For reasons I can't explain, our SiteMinder-protected web site is logging user in two different formats, one that just has the simple user name, and another that has the domain prefix; so for a given user, we have web server access logs that contain both "myname" and "MyDom//MyName".
My goal is to "normalize" these so that when I perform stats against user, I get both of these variants aggregated into one count for the one user.
Might seem like a job for a simple RegEx, BUT... notice that the cases are different! "myname" gets logged in lower case, but "MyDom//MyName" gets logged in mixed case. Through RegEx and use of Upper(), I've been able to get the two variants to display the same in a report... but they are still getting reported distinctly with separate counts. I tried to dedup based on the "normalized" value, but then it only returned one of the two variants, with only the counts for that variant (not both of them aggregated.)
Any ideas?
What you need is a calculated field which will normalize the all variations, format and case, for user field.
See this :- http://docs.splunk.com/Documentation/Splunk/6.2.0/Knowledge/definecalcfields
e.g.
Props.conf on Search Head (assuming already existing field name is 'User')
[YourSourceType]
EVAL-User = mvindex(split(upper(User),"/"),-1)
What you need is a calculated field which will normalize the all variations, format and case, for user field.
See this :- http://docs.splunk.com/Documentation/Splunk/6.2.0/Knowledge/definecalcfields
e.g.
Props.conf on Search Head (assuming already existing field name is 'User')
[YourSourceType]
EVAL-User = mvindex(split(upper(User),"/"),-1)
Thanks, somesoni2. Due to the federated roles our large org has regarding Splunk, I am essentially limited to creating searches and stuff within my own app, and can't tweak any of the .conf files. (I do understand why that would be a more strategic method, and maybe sometime I'll navigate the Change Process to make it happen!) But I was able to apply your basic solution within a search, so that's great. Thanks!
Actually, this worked...
| eval user_clean=mvindex(split(upper(user),"//"),-1)
And then I can do stats based on "user_clean" and don't even need to dedup.
I just made it part of the search, so that I don't need to change any .conf files. (I don't have the necessary permissions.)
THANKS!
Actually, you don't need to edit config files to do this.

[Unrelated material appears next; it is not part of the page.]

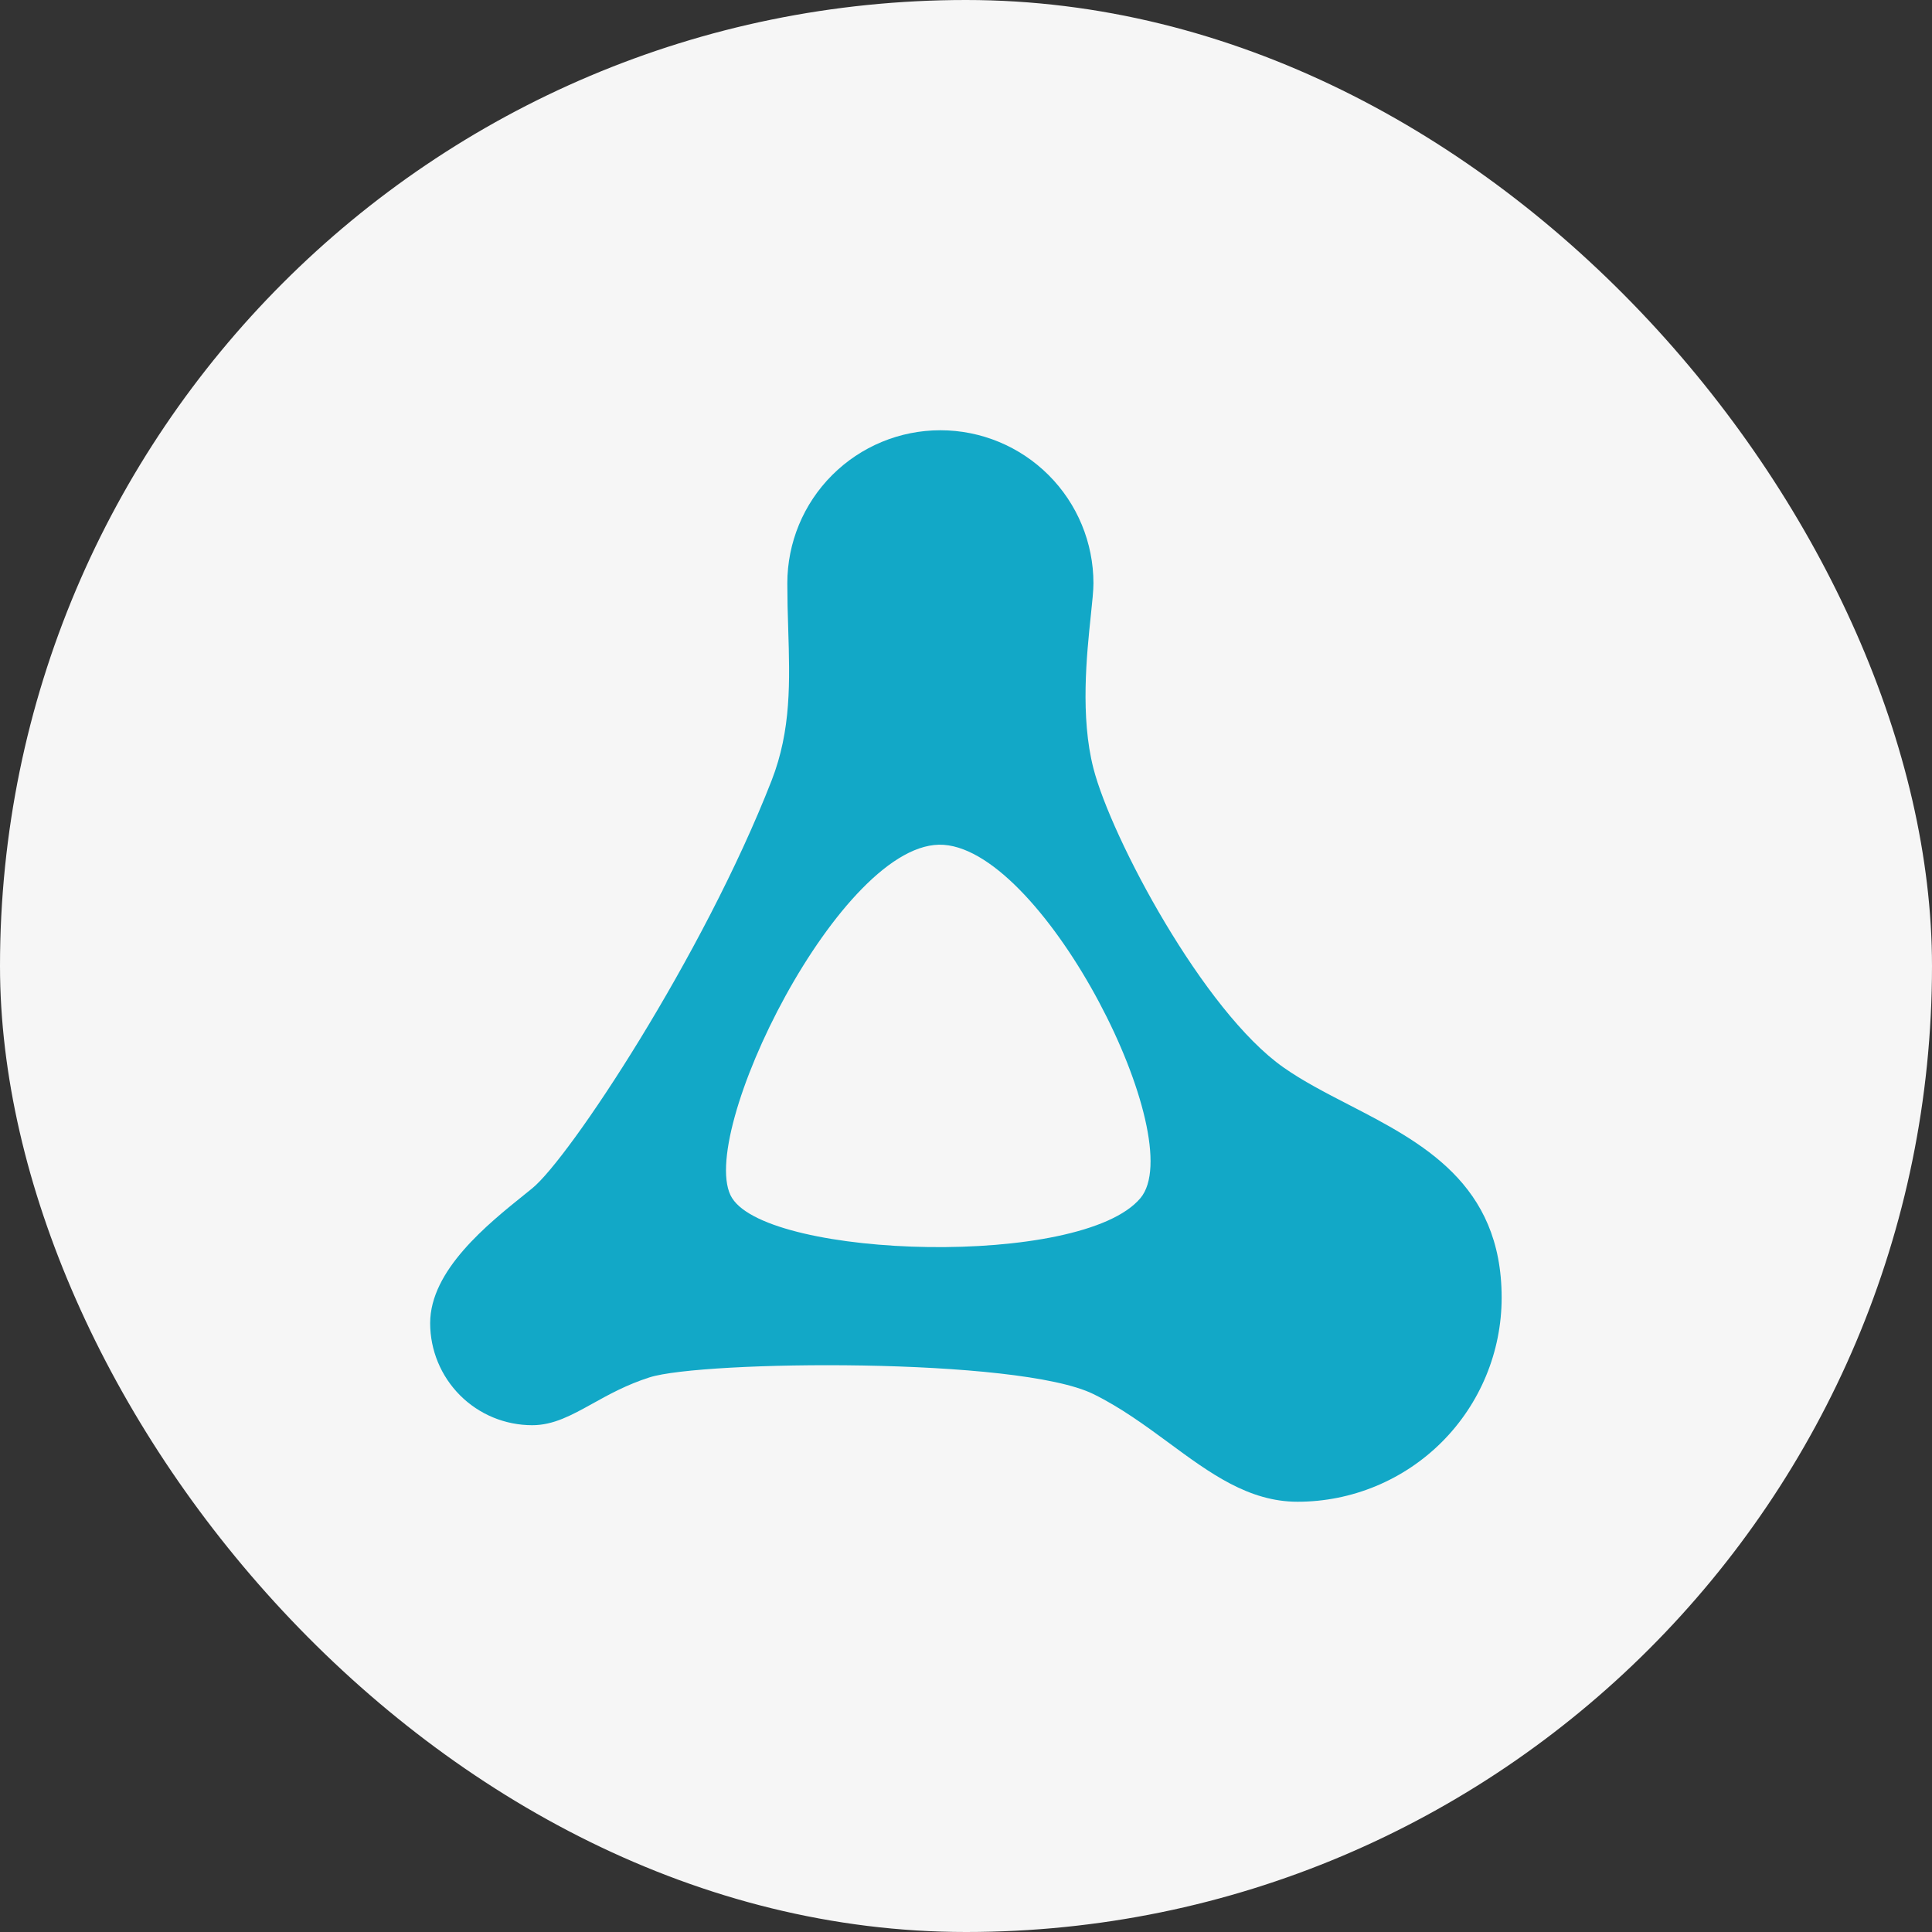 <svg xmlns="http://www.w3.org/2000/svg" width="60" height="60" viewBox="0 0 60 60" fill="none"><rect x="0" y="0" width="60" height="60" fill="#333333" stroke="none"/><rect width="60" height="60" rx="30" fill="#F6F6F6"></rect><path fill-rule="evenodd" clip-rule="evenodd" d="M24.451 18.116C24.451 16.855 24.951 15.646 25.843 14.755C26.735 13.863 27.944 13.362 29.204 13.362C30.465 13.362 31.674 13.863 32.566 14.755C33.458 15.646 33.958 16.855 33.958 18.116C33.958 18.337 33.922 18.677 33.878 19.099C33.748 20.335 33.545 22.26 33.958 23.865C34.513 26.021 37.374 31.407 39.863 33.152C40.459 33.571 41.158 33.932 41.875 34.302C44.159 35.48 46.635 36.758 46.635 40.3C46.635 41.981 45.967 43.593 44.779 44.782C43.59 45.97 41.978 46.638 40.297 46.638C38.779 46.638 37.575 45.75 36.297 44.807C35.566 44.271 34.811 43.714 33.958 43.295C31.615 42.142 21.808 42.254 20.173 42.775C19.462 43.002 18.903 43.312 18.399 43.592C17.746 43.953 17.191 44.261 16.528 44.261C16.112 44.261 15.7 44.179 15.315 44.02C14.931 43.861 14.581 43.627 14.287 43.333C13.993 43.038 13.759 42.689 13.6 42.304C13.441 41.92 13.359 41.508 13.359 41.091C13.359 39.45 15.138 38.022 16.304 37.086L16.528 36.905C17.675 35.976 21.837 29.688 23.964 24.237C24.576 22.664 24.529 21.162 24.479 19.533C24.462 19.061 24.452 18.589 24.451 18.116ZM22.738 37.21C23.921 39.081 33.583 39.388 35.416 37.21C36.964 35.372 32.478 26.465 29.309 26.237C26.139 26.007 21.554 35.339 22.737 37.21H22.738Z" fill="#12A8C7"></path></svg>

In the Splunk UI, under Settings->Fields you will see an entry for "Calculated fields". If you create the same definition that you put into your search there, assign it to your sourcetype in question and share it globally, the field will be automatically calculated whenever you search for that sourcetype.
Have you considered field aliases?
http://docs.splunk.com/Documentation/Splunk/6.2.1/Knowledge/Addaliasestofields
Also here:
http://answers.splunk.com/answers/110019/using-field-aliases.html
With this, you could create a new custom "combined_user" that you could run reports on with the same counts.
Thanks, gwalford. But as a newbie, I couldn't figure out how this would help; seems like just giving it a new name but I was still tripped up about modifying the value.